The heart is a complex organ composed of several cell types, including cardiomyocytes, endothelial cells and fibroblasts for a respective proportion of 35%, 60% and <20% as previously reported in both human and murine hearts by Pinto and colleagues (1). However, a recent study by Litviňuková and colleagues gave a more exhaustive atlas of the healthy adult human heart (2).
Using single-cell and single-nucleus RNA sequencing combined with multiplex single-molecule fluorescence in situ hybridisation, they quantified the cellular composition in six distinct cardiac regions from 14 healthy cardiac donors (7 males and 7 females) and characterised their transcriptional signatures together with their cell-to-cell interactions. They reported 11 major cell types with a different enrichment between atria and ventricles. Indeed, contrary to Pinto’s study (1), cardiomyocytes were the largest population (30% in atrial versus 50% in ventricular tissues), followed by either fibroblasts or mural cells, and lastly endothelial and immune cells. One intriguing result is the higher percentage of ventricular cardiomyocytes in female versus male hearts (56% vs 47%), which could explain the sex differences observed in cardiovascular diseases.

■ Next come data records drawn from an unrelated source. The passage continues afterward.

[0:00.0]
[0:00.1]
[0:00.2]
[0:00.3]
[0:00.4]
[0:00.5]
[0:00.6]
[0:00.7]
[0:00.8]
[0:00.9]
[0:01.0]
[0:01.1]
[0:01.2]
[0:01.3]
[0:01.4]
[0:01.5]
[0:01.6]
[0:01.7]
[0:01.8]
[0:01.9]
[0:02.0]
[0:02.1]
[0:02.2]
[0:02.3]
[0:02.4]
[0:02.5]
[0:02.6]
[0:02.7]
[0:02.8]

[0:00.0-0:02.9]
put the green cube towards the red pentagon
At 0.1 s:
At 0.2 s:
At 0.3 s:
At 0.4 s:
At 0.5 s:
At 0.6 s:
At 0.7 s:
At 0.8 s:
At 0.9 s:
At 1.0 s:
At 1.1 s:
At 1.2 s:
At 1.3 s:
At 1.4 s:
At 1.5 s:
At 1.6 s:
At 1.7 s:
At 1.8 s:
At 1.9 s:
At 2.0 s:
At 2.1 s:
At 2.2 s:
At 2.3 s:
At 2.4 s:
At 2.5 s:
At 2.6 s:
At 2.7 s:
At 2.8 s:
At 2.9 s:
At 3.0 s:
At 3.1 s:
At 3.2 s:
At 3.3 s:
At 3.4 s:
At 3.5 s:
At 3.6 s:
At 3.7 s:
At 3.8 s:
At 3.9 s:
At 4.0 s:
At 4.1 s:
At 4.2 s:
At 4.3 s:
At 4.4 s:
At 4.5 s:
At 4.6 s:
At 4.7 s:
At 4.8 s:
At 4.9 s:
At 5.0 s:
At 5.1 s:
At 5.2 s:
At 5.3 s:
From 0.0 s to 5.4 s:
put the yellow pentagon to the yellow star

Looking deeper in each cell type composition, the authors showed a strong cardiomyocyte heterogeneity, comprising five ventricular and five atrial populations with distinct transcriptional profiles, notably a small population of highly energetic cardiomyocytes. The vascular compartment was shown to include seventeen populations, notably 10 endothelial, four pericytes and three vascular smooth muscle cells. Seven populations of fibroblasts were reported with specialised gene programmes required for cardiac remodelling according to each cardiac region. Twenty-one types of immune cells were identified, such as tissue-resident and monocyte-derived macrophages: the tissue-specificity of the homeostatic transcriptional circuits were demonstrated by comparison with skeletal muscle and kidney, notably for the myeloid cells. Finally, six neuronal cell clusters and four adipocyte cell types were characterised.
To conclude, the study by Litviňuková and colleagues enriches our knowledge of the healthy human heart cell composition together with their transcriptional profiles, therefore opening a new avenue for the cell-specificity in the cardiac pathophysiology. Similar exhaustive study in the mouse heart would be an invaluable asset to validate the relevance of the murine models in cardiovascular diseases.